# linked list is a data structure that having a list of elements and each element has a reference pointing to the next element in the list.

**First thing we have to know about linked list is we have a head pointer that points to a node that then has some date and points to another node and so on till a node that dose not point to any farther.
And node contains 2 elements ,the value or the key (number like 7) and a pointer that points to the next node that contain (another number like 10 for example)**

7 →10

## There are operations that can be done on linked list called List API

**1-On the front of the list:**

1-PushFront(key): add to front

2-Key TopFront(): return the front element

3-PopFront(): remove the front element

**2-On the end of the list**

1-PushBack(key): add to back … also known a Append

2-Key TopBack(): return the back element

3-PopBack(): remove the back element

There is difference between the front and back operation in run time

**3-We can also do:**

1-Boolean Find(Key): is key in a list?

2-Erase(Key): remove key from list

3-Boolean Empty(): empty list?

4-AddBefore(Node,Key): adds key before Node

5-AddAfter(Node,Key): adds key after Node

## Example:

we have an empty list ,do this following operations:

PushBack(a);

PushFront(b);

PushBack(d);

PushFront(c);

PopBack();

**Solution:**

PushBack(a); a

PushFront(b); b a

PushBack(d); b a d

PushFront(c); c b a d

PopBack(); c b a

so,the final result is => c b a

**The run time for some operations**

PushFront(key): add to front in O(1)

Key TopFront(): return the front element in O(1)

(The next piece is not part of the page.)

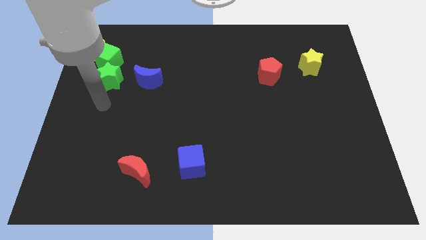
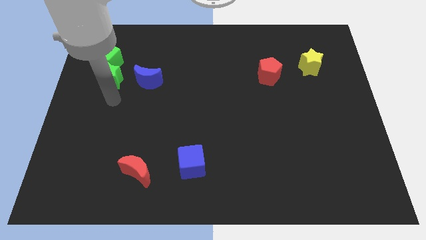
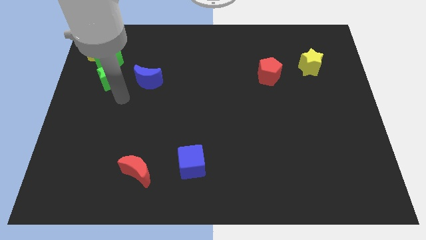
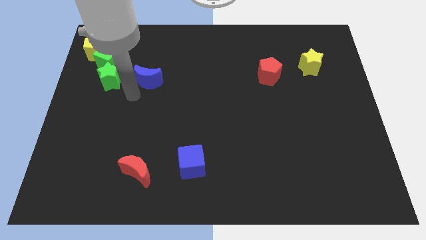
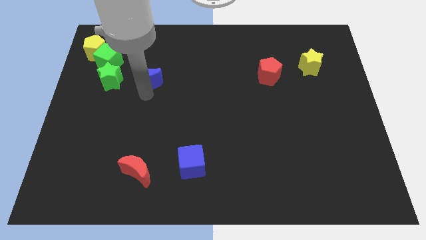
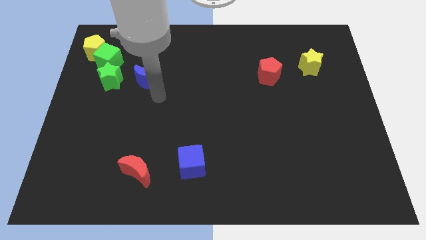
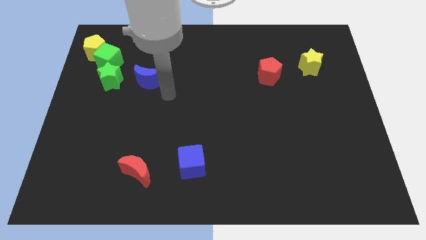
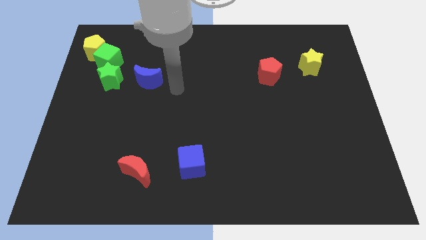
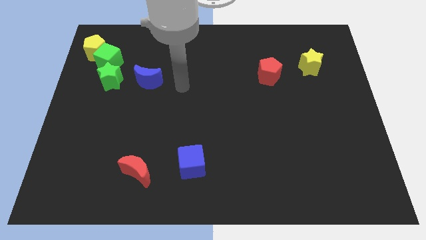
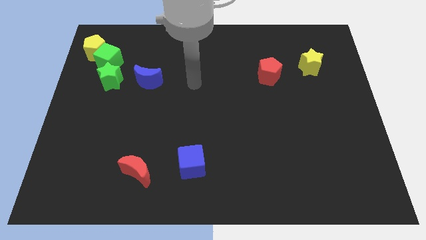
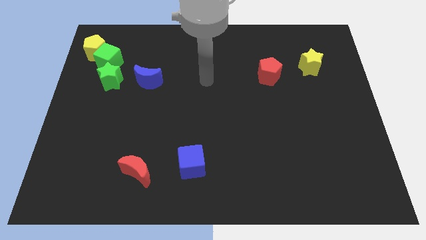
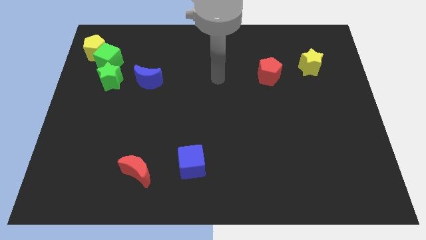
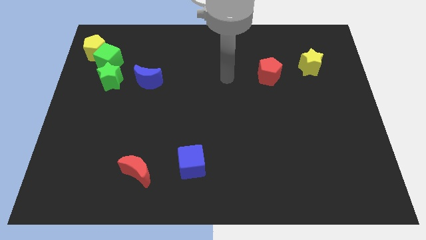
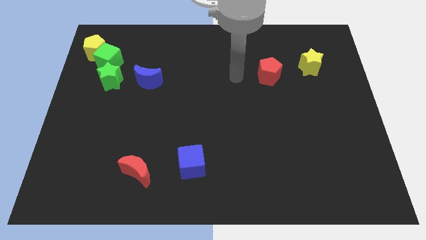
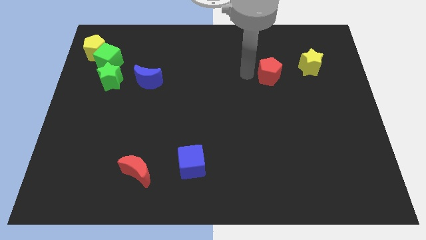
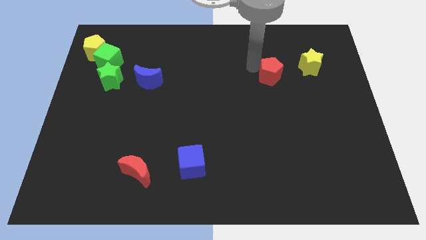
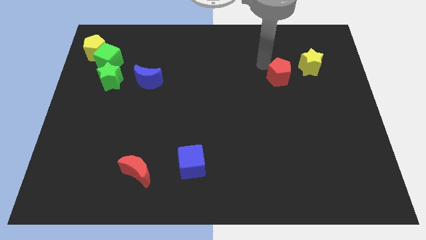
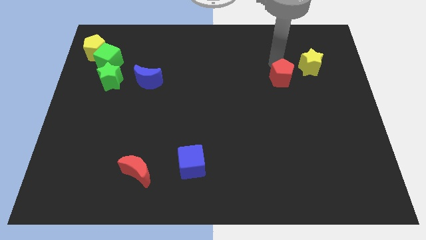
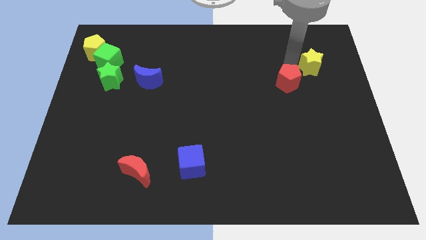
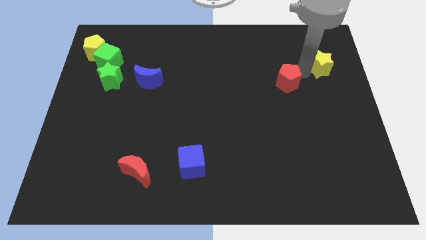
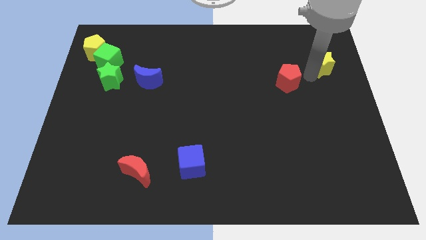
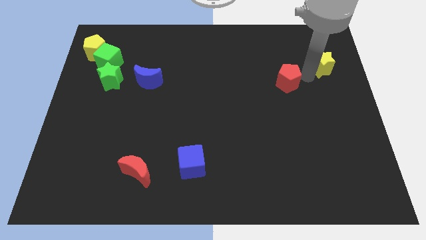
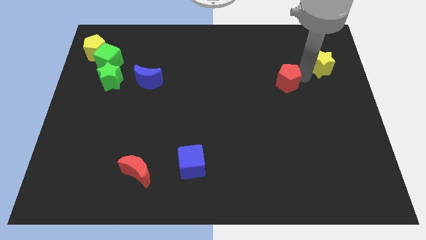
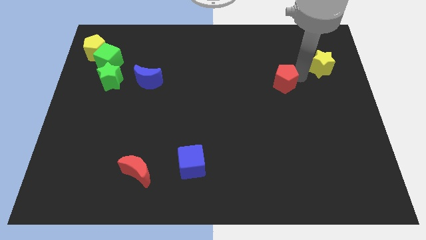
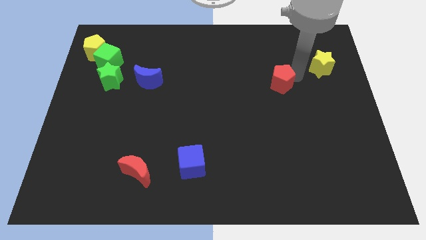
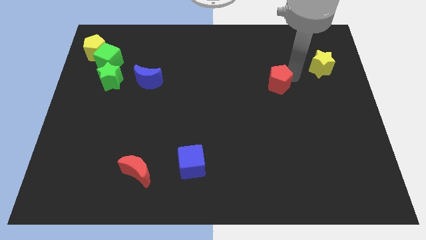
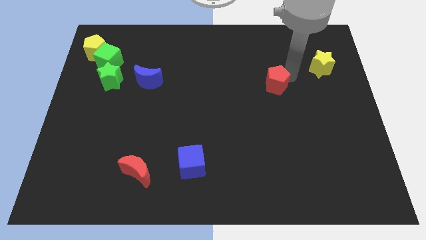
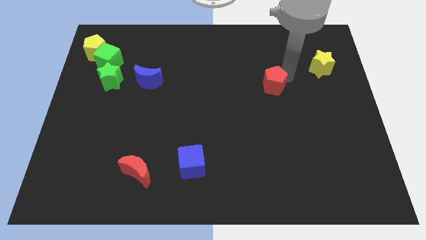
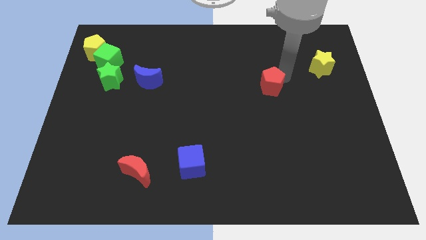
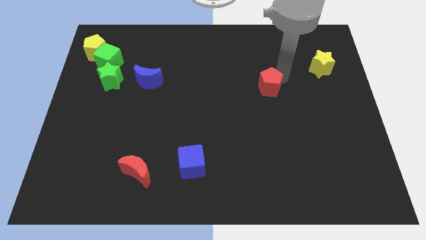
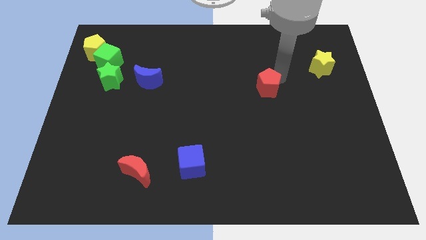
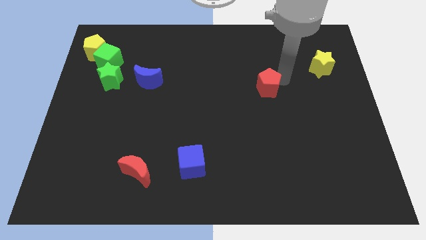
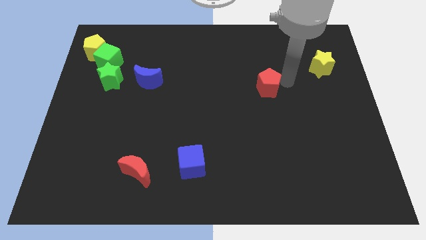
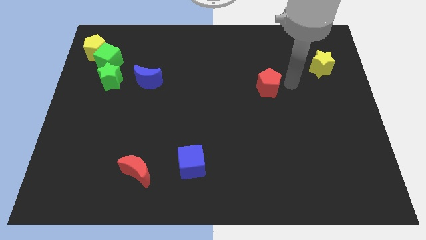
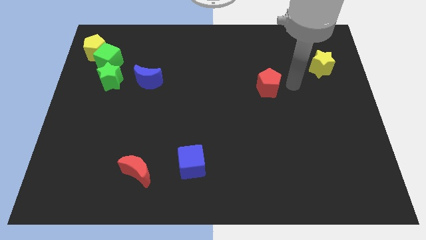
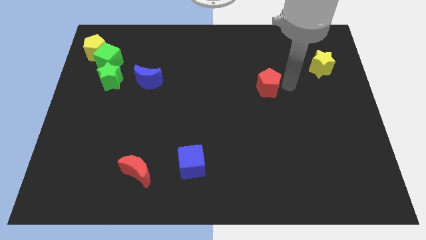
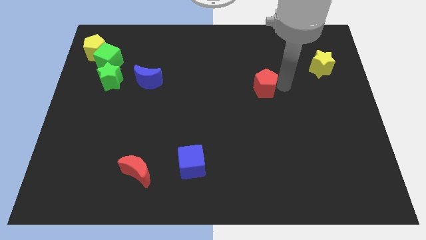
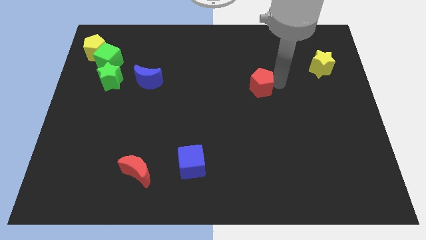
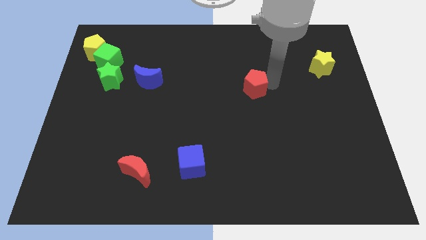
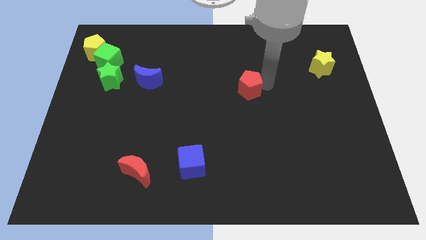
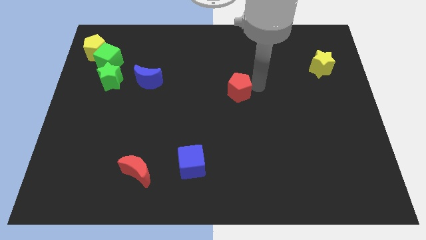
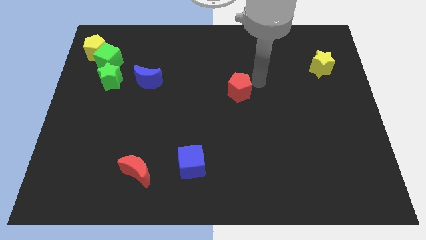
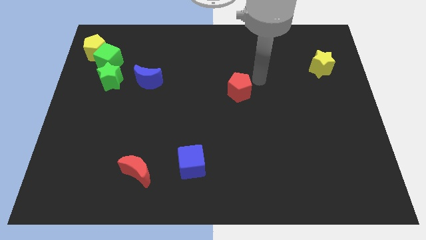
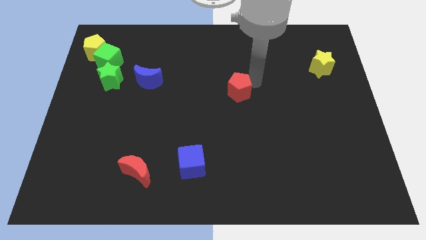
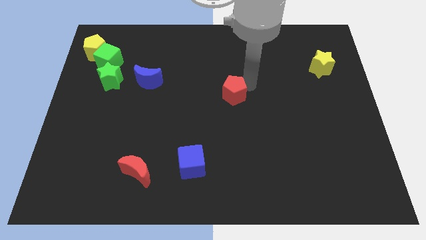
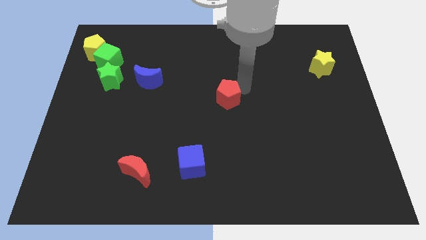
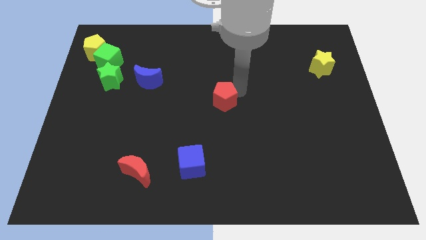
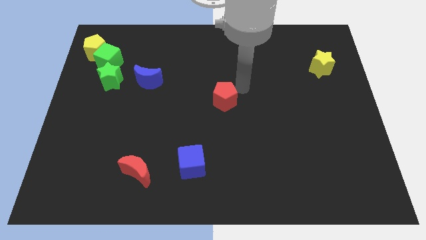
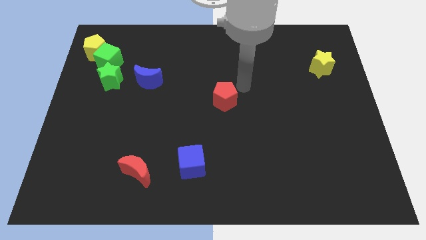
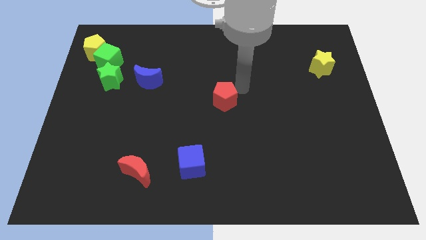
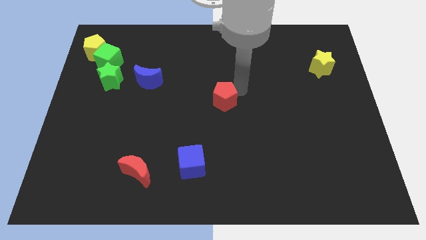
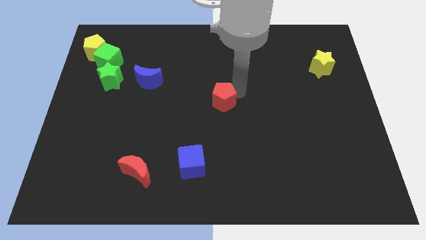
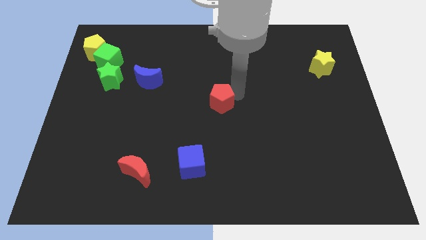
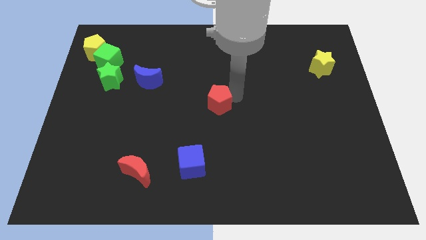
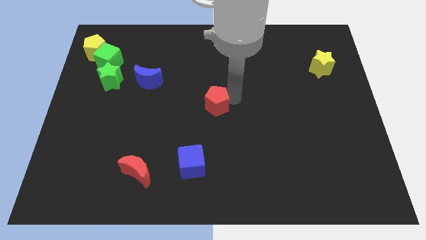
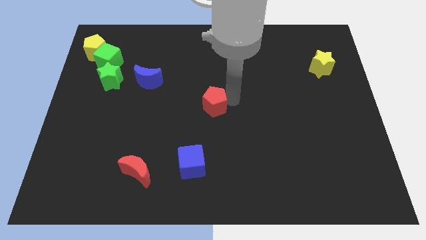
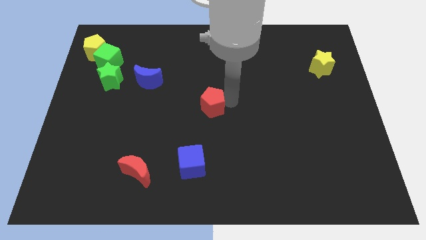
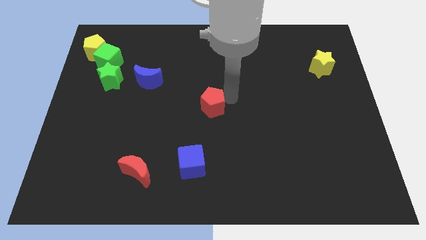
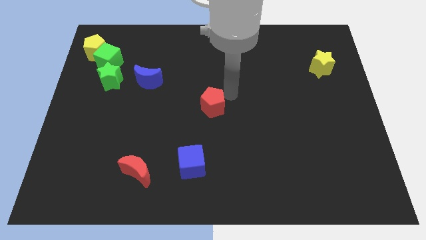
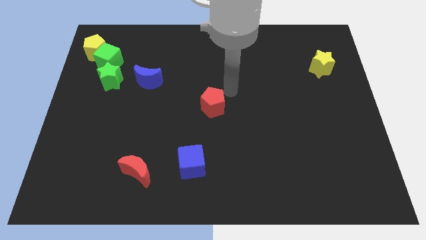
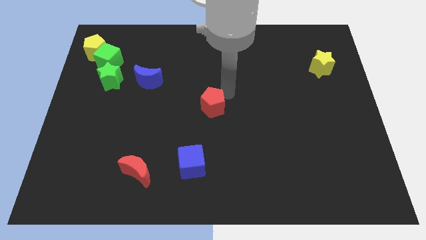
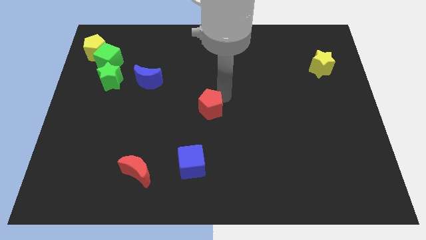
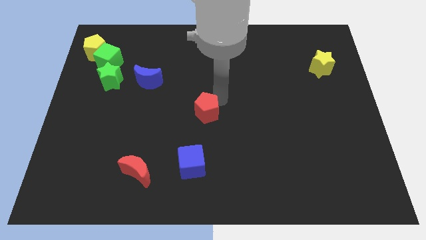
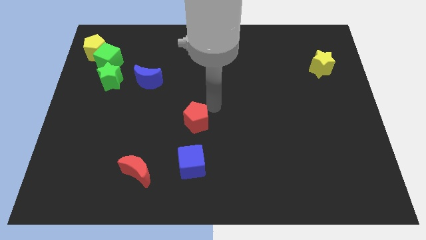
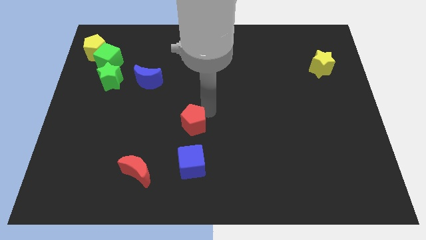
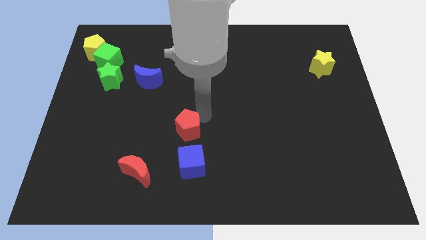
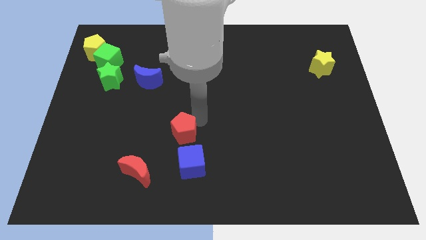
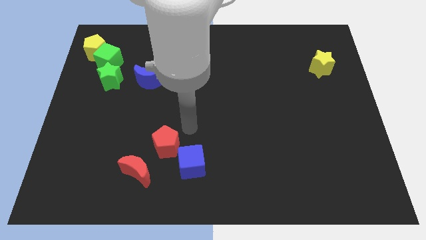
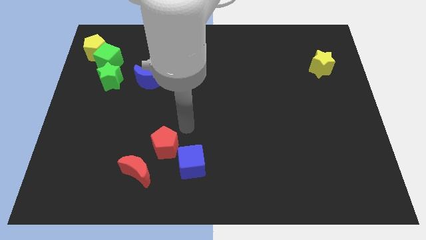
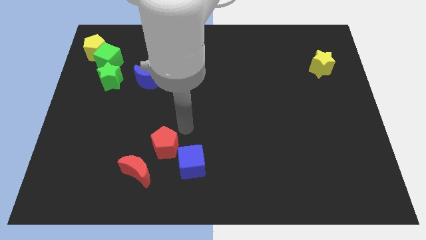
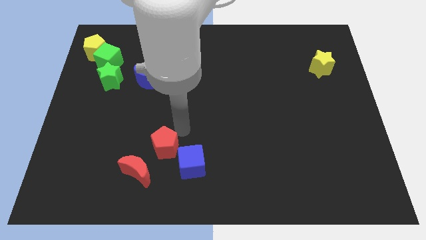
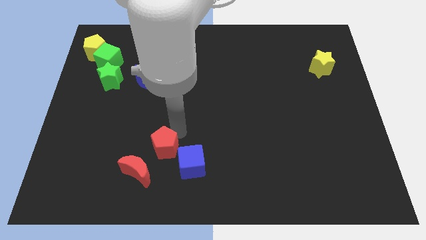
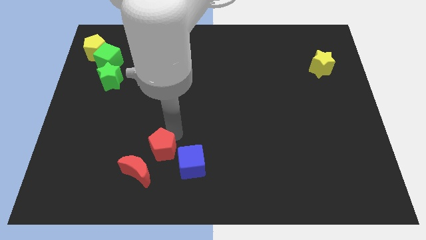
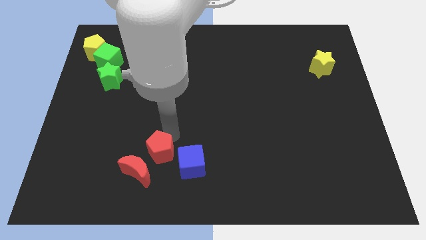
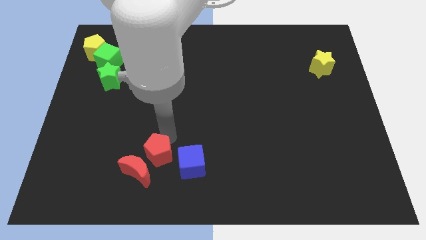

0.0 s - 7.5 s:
move the red pentagon close to the red moon

PopFront(): remove the front element O(1)

PushBack(key): add to back in O(n) without no tail

PushBack(key): add to back in O(1) with tail

Key TopBack(): return the back element in O(n) without tail

Key TopBack(): return the back element in O(1) with tail

PopBack(): remove the back element in O(n)

# NOTEs::

**WHEN we want to push at the back?**

1-If We don’t have a tail pointer, So this going to be expensive operation. WHY? because we start at the head and walk our way down the list untill we get to the end and in the end we add a node so its going to be O(n). Similarly if we want to TopBack or PopBack

2-If we had a tail pointer, some of this will become simpler. WHY? because we are going to have both a head pointer that points to the head element ,and tail pointer that points to the tail element. So the first element and the last element became cheap operations.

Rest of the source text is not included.